In Glow 3 su Netflix, complice il cambio di location, ogni cosa è messa in discussione. Las Vegas, il posto più artificiale del mondo, è un mondo fatto di apparenze. In questo luogo di svago, da cui rifugiarsi per evitare di affrontare i problemi, Ruth, Debbie e le altre, sono costrette al confronto. Perciò il wrestling,  protagonista delle passate stagioni, passa in secondo piano per dare un maggior approfondimento ai personaggi e le tematiche sociali dell’epoca, la metà degli anni Ottanta.

Il fulcro di Glow resta il rapporto tra Ruth (Alison Brie) e Debbie (Betty Gilpin), amiche/rivali/nemiche, le cui strade finiscono inevitabilmente per incontrarsi. Due caratteri diametralmente opposti che nella terza stagione sembrano trovare un punto in comune, salvo poi giungere al colpo di scena di finale che mette in luce le loro eterne differenze e ambizioni. L’indecisa Ruth, perennemente alla ricerca di sfondare come attrice, vive in bilico. Da una parte c’è una relazione a distanza con il reporter Russell, dall’altra il crescente rapporto con il suo manager Sam (Marc Maron, che in questa stagione rafforza il suo legame con la figlia Justine). Fare la lottatrice le piace, è la star dello spettacolo, ma Ruth non abbandona mai il suo sogno iniziale. Debbie deve invece bilanciare la sua attività imprenditoriale (è diventata co-produttrice di Glow) con il lavoro di mamma, ed è attanagliata dai sensi di colpa per non riuscire a passare del tempo con suo figlio.

L’ambientazione della storia porta inevitabilmente i personaggi a uscire allo scoperto, e Glow 3 su Netflix ci arriva con un narrazione lenta ma raffinata. Il racconto sociale domina l’intera stagione in un susseguirsi di dialoghi sussurrati e sotto testi. A cominciare dalla scoperta della propria identità sessuale. Bash (Chris Lowell) maschera la sua omosessualità con il matrimonio apparente con Rhonda, e fa di tutto per essere il figlio che sua madre ha sempre voluto. Una repressione che nell’ultima parte di stagione lo porterà a esplodere. Arthie, invece, è ancora alla scoperta della sua sessualità e dei suoi sentimenti per Yolanda.
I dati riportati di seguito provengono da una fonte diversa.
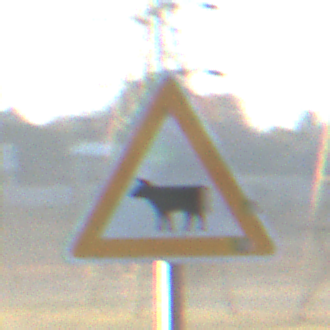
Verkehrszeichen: ViehtriebRechts
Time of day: SunriseSunset
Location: Outdoor (Nature)
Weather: Clear
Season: NotSpecified
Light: Natural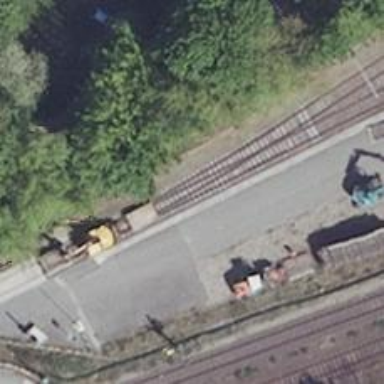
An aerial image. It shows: Railway switch.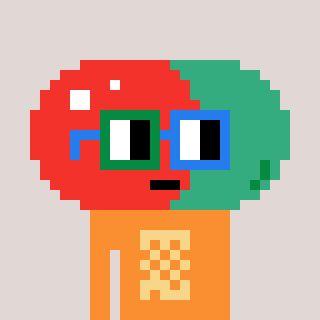
a pixel art character with square green and blue glasses, a pill-shaped head and a orange-colored body on a warm background

Bobby Barnes (interpretato da Kevin Cahoon) è però l’aggiunta più interessante al cast di questo terzo capitolo. Costumista tuttofare e drag queen che ama esibirsi nelle vesti di Liza Minnelli, Bobby legherà con Sheila, permettendo alla ragazza non solo di esprimere il suo vero io, ma di abbandonare finalmente la sua “maschera”. Geena Davis è Sandy, direttore artistico del casinò, che si ritaglia uno spazio all’interno della stagione, rubando talvolta la scena con il suo sorprendente sarcasmo.

Glow 3 su Netflix continua ancora a parlare di pregiudizi e scagliarsi contro gli stereotipi, non perdendo quindi il legame con il cuore della serie. C’è un emozionata Jenny (Ellen Wong) che nel settimo episodio si apre col gruppo parlando del suo orribile passato, un racconto che scioglie il gruppo di wrestlers e fa riflettere su quanto siano sbagliate le discriminazioni razziali.

Non chiamatelo solo uno show sull’emancipazione femminile: Glow 3 su Netflix, sacrificando l’umorismo che lo contraddistingue, affronta tematiche più complesse e supera brillantemente le aspettative.